The authors proposed that the structural changes identified in the study underlie the functional brain changes in patients with neuropathic pain and that further studies are needed to determine whether these could serve as imaging biomarkers in future studies of neuropathic pain or the effect of neuralgia medications.
COMMENTARY
The current study confirms and expands our understanding of the involvement of the limbic system in patients with painful neuropathies, demonstrating the presence of changes at rest in addition to those noted previously in response to painful stimuli. It also provides a structural basis for the functional changes observed. A drawback of the study, however, is the lack of inclusion of patients with non-painful small-fiber neuropathy as controls. As such, it is not possible to know whether the alterations that were found were caused by activation of pain pathways per se rather than to changes in the peripheral nerves that are unrelated to pain.
Not all small-fiber neuropathies are painful; some patients only have numbness or are asymptomatic, and only realize there is something wrong after experiencing a cut or burn or stepping on a sharp object without feeling pain. Multiple studies have shown there is no correlation between the severity of the pain and the reduction in the intraepidermal nerve fiber density.1-3 As such, the correlation between the dysconnectivity and intraepidermal nerve fiber density found in the current study is not necessarily supportive of a pain-mediated mechanism. The reason why some patients with neuropathy experience pain while others do not remains a mystery.
Regardless of the cause, the mechanisms underlying the structural and functional brain changes are of great interest. They could be because of trans-synaptic degeneration triggered by the peripheral neuropathy, possibly via axonal mechanisms, although the reduction in white matter connectivity that was observed in the current study suggests involvement of activated microglial or astrocytes-mediated mechanisms that can spread along the affected nerve fibers.4-6 The authors postulate that the dysconnectivity could result in impaired inhibitory control of nociceptive input by frontoparietal networks, contributing to the symptoms. Given that the limbic system also is involved in emotions, motivation, and autonomic functions, its involvement also may play a role in the anxiety, depression, or poor sense of well-being that often are part of the symptom complex.
REFERENCES
- Karlsson P, Hincker AM, Staehelin Jensen T, et al. Structural, functional, and symptom relations in painful distal symmetric polyneuropathies: A systematic review. Pain 2019;160:286-297.

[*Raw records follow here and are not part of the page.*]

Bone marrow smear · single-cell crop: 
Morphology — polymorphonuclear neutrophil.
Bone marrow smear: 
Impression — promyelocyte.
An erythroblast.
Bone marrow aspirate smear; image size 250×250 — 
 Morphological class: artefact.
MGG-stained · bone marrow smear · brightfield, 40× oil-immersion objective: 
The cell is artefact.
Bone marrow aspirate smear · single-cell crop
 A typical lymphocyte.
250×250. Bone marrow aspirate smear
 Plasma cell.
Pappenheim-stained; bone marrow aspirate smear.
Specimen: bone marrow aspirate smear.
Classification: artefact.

- Pál E, Fülöp K, Tóth P, et al. Small fiber neuropathy: Clinicopathological correlations. Behav Neurol 2020;2020:8796519.

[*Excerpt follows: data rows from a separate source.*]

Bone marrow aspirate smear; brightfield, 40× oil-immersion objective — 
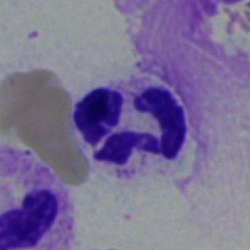 Q: Which cell type is shown here?
A: It is a polymorphonuclear neutrophil.
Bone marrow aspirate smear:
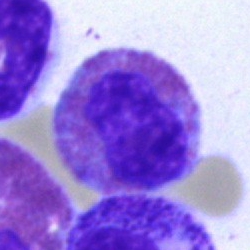 Showing an eosinophilic granulocyte.

- Truini A, Biasiotta A, Di Stefano G, et al. Does the epidermal nerve fibre density measured by skin biopsy in patients with peripheral neuropathies correlate with neuropathic pain? Pain 2014;155:828-832.
- Ferreira N, Goncalves NP, Jan A, et al. Trans-synaptic spreading of alpha-synuclein pathology through sensory afferents leads to sensory nerve degeneration and neuropathic pain. Acta Neuropathol Commun 2021;9:31.
- Tsuda M. Microglia-mediated regulation of neuropathic pain: Molecular and cellular mechanisms. Biol Pharm Bull 2019;42:1959-1968.
- You Y, Joseph C, Wang C, et al. Demyelination precedes axonal loss in the transneuronal spread of human neurodegenerative disease. Brain 2019;142:426-442.